NBA Caught in Crossfire Amid Fury Over Tweet by Rockets GM
A firestorm set off by a tweet from the Houston Rockets general manager in support of Hong Kong protesters blazed on in China, threatening the multibillion-dollar business ties of the National Basketball Association (NBA) in the country.
China’s state television network CCTV said Tuesday it would suspend airing and streaming preseason NBA games. Internet giant Tencent Holdings Ltd. followed quickly with a similar announcement. Tencent holds a $1.5 billion contract for digital broadcasting rights to the games. Neither CCTV nor Tencent gave a timeframe for the resumption of broadcasting.
A host of Chinese companies and celebrities – including apparel retailers, a bank and even purveyors of coffee and milk – also distanced themselves from the American professional basketball organization by suspending business partnerships or quitting NBA-related activities.

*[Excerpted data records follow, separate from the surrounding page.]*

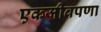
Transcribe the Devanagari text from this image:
एकजीवपणा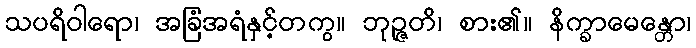
သပရိဝါရော၊ အခြံအရံနှင့်တကွ။ ဘုဉ္ဇတိ၊ စား၏။ နိက္ခာမေန္တော၊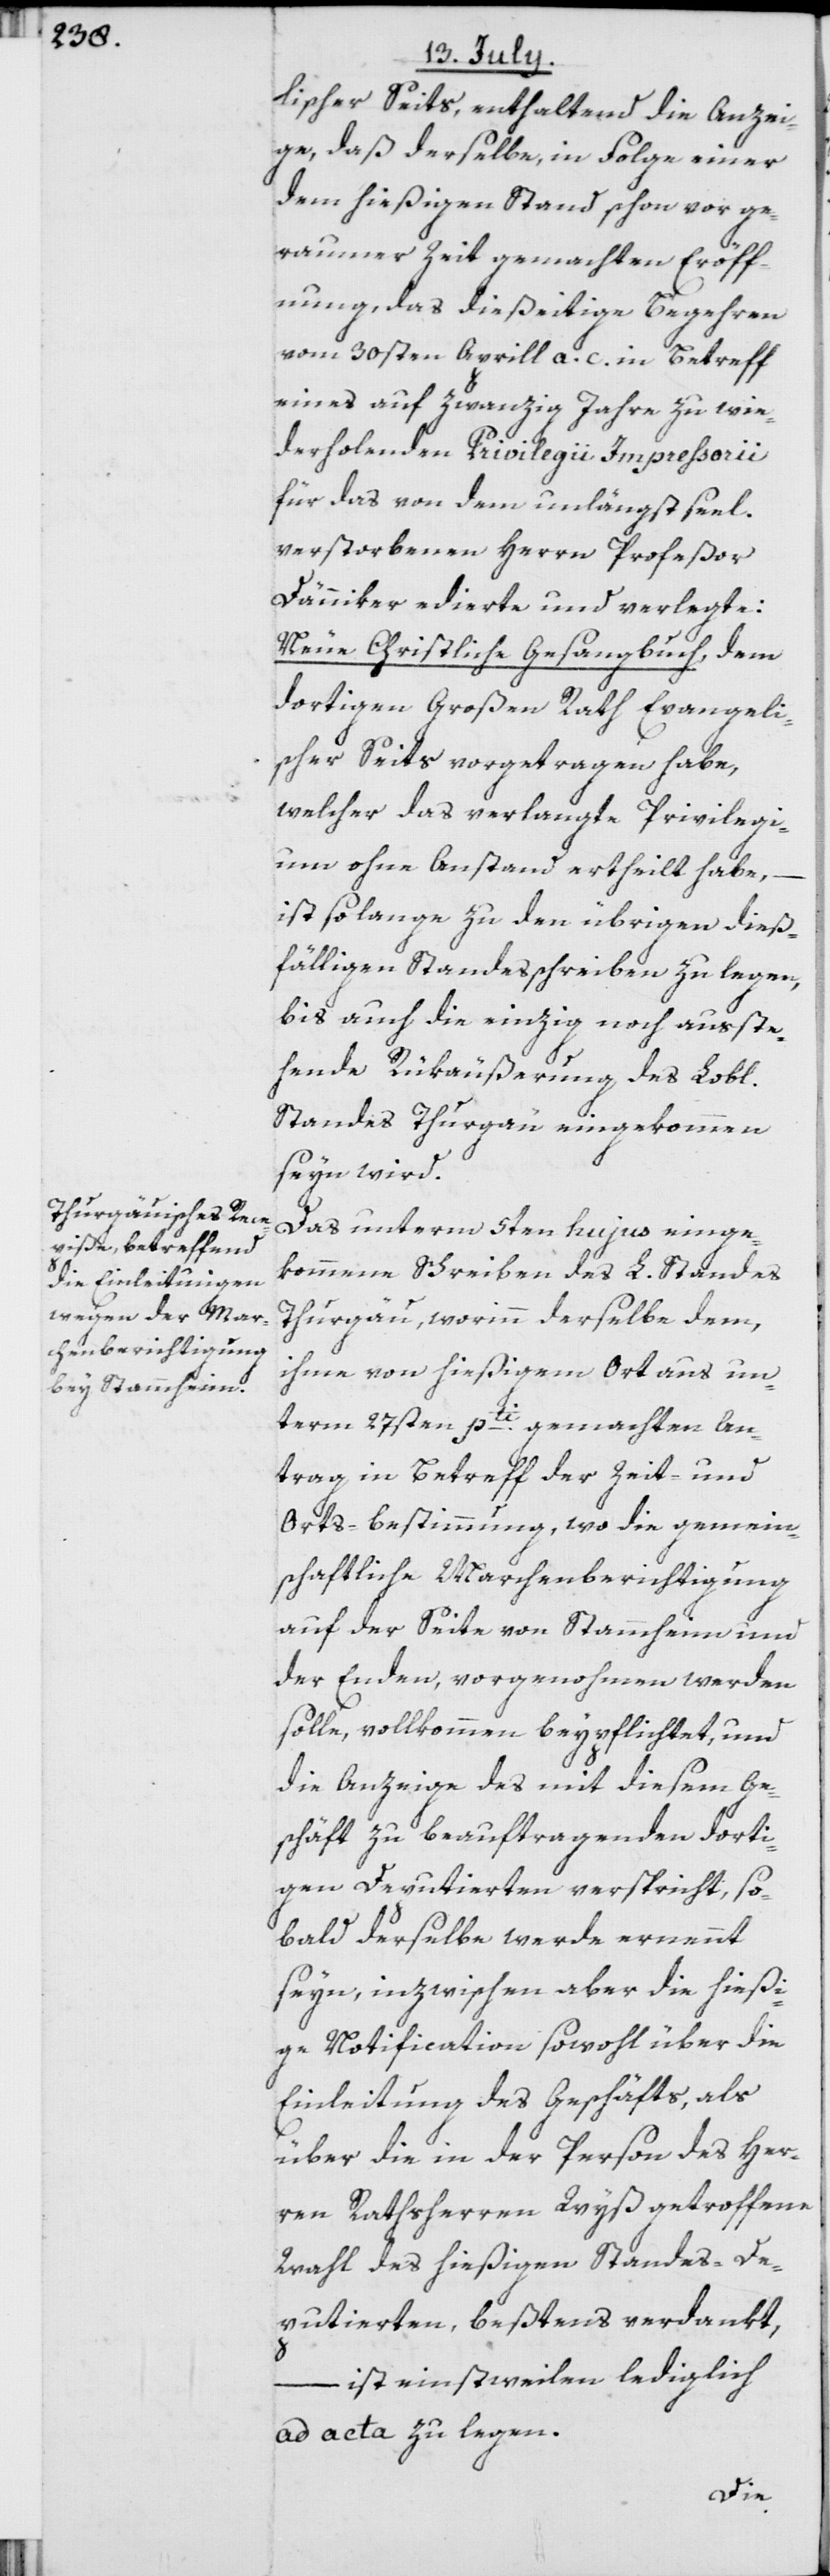
lischer Seits, enthaltend die Anzei¬
ge, daß derselbe, in Folge einer
dem hießigen Stand schon vor ge¬
raumer Zeit gemachten Eröff¬
nung, das dießeitige Begehren
vom 30sten Aprill a. c. in Betreff
eines auf zwanzig Jahre zu wie¬
derholenden Privilegii Impressorii
für das von dem unlängst seel.
verstorbenen Herrn Profeßor
Dänniker edierte und verlegte:
Neue Christliche Gesangbuch, dem
dortigen Großen Rath Evangeli¬
scher Seits vorgetragen habe,
welcher das verlangte Privilegi¬
um ohne Anstand ertheilt habe,
ist so lange zu den übrigen dieß¬
fälligen Standesschreiben zu legen,
bis auch die einzig noch ausste¬
hende Rükäußerung des Lobl.
Standes Thurgau eingekommen
seyn wird.
Das unterm 5ten hujus einge¬
kommene Schreiben des L. Standes
Thurgau, worinn derselbe dem,
ihme von hießigem Ort aus un¬
term 27sten pti. gemachten An¬
trag in Betreff der Zeit- und
Orts-bestimmung, wo die gemein¬
schaftliche Marchenberichtigung
auf der Seite von Stammheim und
der Enden, vorgenohmen werden
solle, vollkommen beypflichtet, und
die Anzeige des mit diesem Ge¬
schäft zu beauftragenden dorti¬
gen Deputierten verspricht, so¬
bald derselbe werde ernennt
seyn, inzwischen aber die hießi¬
ge Notification sowohl über die
Einleitung des Geschäfts, als
über die in der Person des Her¬
ren Rathsherren Wyß getroffene
Wahl des hießigen Standes-De¬
putierten, beßtens verdankt,
– ist einstweilen lediglich
ad acta zu legen.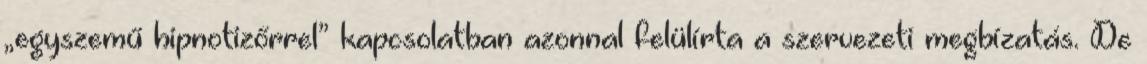
„egyszemű hipnotizőrrel” kapcsolatban azonnal felülírta a szervezeti megbízatás. De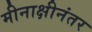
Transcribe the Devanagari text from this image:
मीनाक्षीनंतर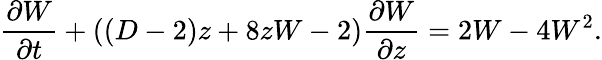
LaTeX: \frac{\partial W}{\partial t}+((D-2)z+8zW-2)\frac{\partial W}{\partial z}=2W-4W^{2}.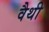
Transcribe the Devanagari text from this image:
वैथी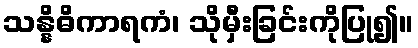
သန္နိဓိကာရကံ၊ သိုမှီးခြင်းကိုပြု၍။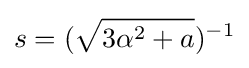
s=({\sqrt {3\alpha ^{2}+a}})^{-1}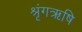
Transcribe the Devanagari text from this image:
श्रृंगऋषि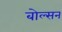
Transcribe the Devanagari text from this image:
बोल्सन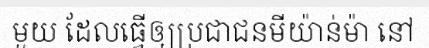
មួយ ដែលធ្វើឲ្យប្រជាជនមីយ៉ាន់ម៉ា នៅ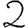
Digit: 2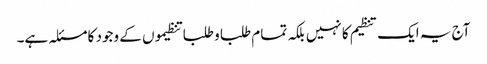
آج یہ ایک تنظیم کا نہیں بلکہ تمام طلبا و طلبا تنظیموں کے وجود کا مسئلہ ہے۔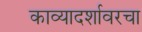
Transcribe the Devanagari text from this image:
काव्यादर्शावरचा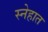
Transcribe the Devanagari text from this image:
स्नेहात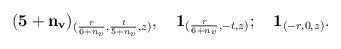
LaTeX: \begin{align*}(\mathbf{5+n_v})_{(\frac{r} {6+n_v},\frac{t} {5+n_v}, z)}, \quad\mathbf{1}_{(\frac{r} {6+n_v},-t, z)}; \quad\mathbf{1}_{(-r,0,z)}.\end{align*}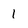
Character: 1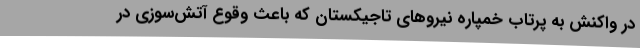
در واکنش به پرتاب خمپاره نیروهای تاجیکستان که باعث وقوع آتش‌سوزی در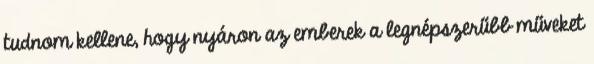
tudnom kellene, hogy nyáron az emberek a legnépszerűbb műveket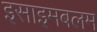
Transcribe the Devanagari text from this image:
इसाइमबलम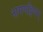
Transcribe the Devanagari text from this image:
नागप्पट्टिणम्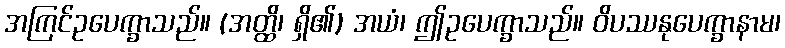
အကြင်ဥပေက္ခာသည်။ (အတ္ထိ၊ ရှိ၏) အယံ၊ ဤဥပေက္ခာသည်။ ဝိပဿနုပေက္ခာနာမ၊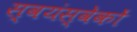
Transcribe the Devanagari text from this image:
स्वयंस्वेकों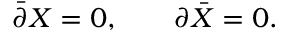
\bar { \partial } X = 0 , \; \; \; \; \; \; \; \partial \bar { X } = 0 .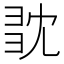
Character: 𢑝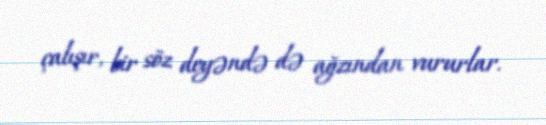
çalışır, bir söz deyəndə də ağzından vururlar.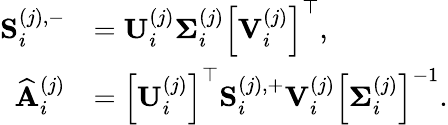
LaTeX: \begin{array}{rl}{\mathbf{S}_{i}^{(j),-}}&{=\mathbf{U}_{i}^{(j)}\mathbf{\Sigma}_{i}^{(j)}\left[\mathbf{V}_{i}^{(j)}\right]^{\top},}\\ {\widehat{\mathbf{A}}_{i}^{(j)}}&{=\left[\mathbf{U}_{i}^{(j)}\right]^{\top}\mathbf{S}_{i}^{(j),+}\mathbf{V}_{i}^{(j)}\left[\mathbf{\Sigma}_{i}^{(j)}\right]^{-1}.}\end{array}

Meanwhile, American commentators and news organizations including the prestigious New York Times and Wall Street Journal blasted the NBA for initially appearing to waver in its support for the free speech rights of Daryl Morey, the general manager of the Houston Rockets.
Morey Friday tweeted an image supporting the protests in Hong Kong. While the post was soon deleted, it ignited a furor in China as many criticized it as a challenge to the nation’s sovereignty. Morey later apologized on Twitter and said his views were not representative of the Rockets or the NBA. The U.S. league said Sunday in a statement that it was “regrettable” that Morey’s tweet offended Chinese fans.
The public fury roiled on, however, after NBA Commissioner Adam Silver tried Monday to defend Morey’s right to free speech.
“I want to make it clear that Daryl Morey is supported in terms of his ability to exercise his freedom of expression,” Silver said in an interview with Kyodo News in Japan.
China is the most important international market for the NBA, with some games attracting more Chinese viewers than in the U.S. and an expansive retail and marketing network with domestic partners. The broadcasting suspension could affect about 800 million viewers in China who watch the games on various screens each season.
According to Tencent, about 490 million viewers watched live NBA games via its online streaming platform during the 2018-2019 season, a three-fold increase from the 2014-2015 season. In July, Tencent paid $1.5 billion for five years of digital broadcasting rights to games between 2020 and 2025. Viewers pay 22 yuan to 60 yuan ($3 to $8.40) a month for different levels of access to Tencent’s live streaming of NBA games. Tencent also offer various NBA-related online games.
A handful of Chinese sponsors cut business ties with the Rockets, including sportswear maker Li Ning Co. and Shanghai Pudong Development Bank Co. Ltd. Pudong Development Bank said it suspended all marketing and promotion activities related to the Rockets.
Major e-commerce platforms including Alibaba Group, JD.com and Suning.com shelved products related to the Rockets. Nike also pulled the Rockets off its website in China.
The NBA has been operating an official retail store on Alibaba’s e-commerce platform since 2012. The pair bolstered cooperation this year by launching a special NBA content section on Alibaba’s Taobao marketplace that could direct shoppers to related products. In 2018, total sales of basketball-related products on Alibaba reached 12.6 billion yuan ($1.8 billion), according to a joint statement by the company and NBA China.
Alibaba said it removed only products related to the Rockets from its retail platforms while other NBA items are not affected. But some retailers operating on its platform may decide to pull a broader range of NBA-related goods, Alibaba said.
The turmoil has also affected the NBA’s marketing partnerships in China. Dairy giant China Mengniu Dairy Co. shelved sales of products with NBA logos on its online store, a person close to the company said.
Luckin Coffee, China’s second-largest coffee chain, said it halted all cooperation and marketing activities related to the NBA. The coffee chain became an official China partner of the U.S. league in June and opened an NBA theme store in Shanghai last month.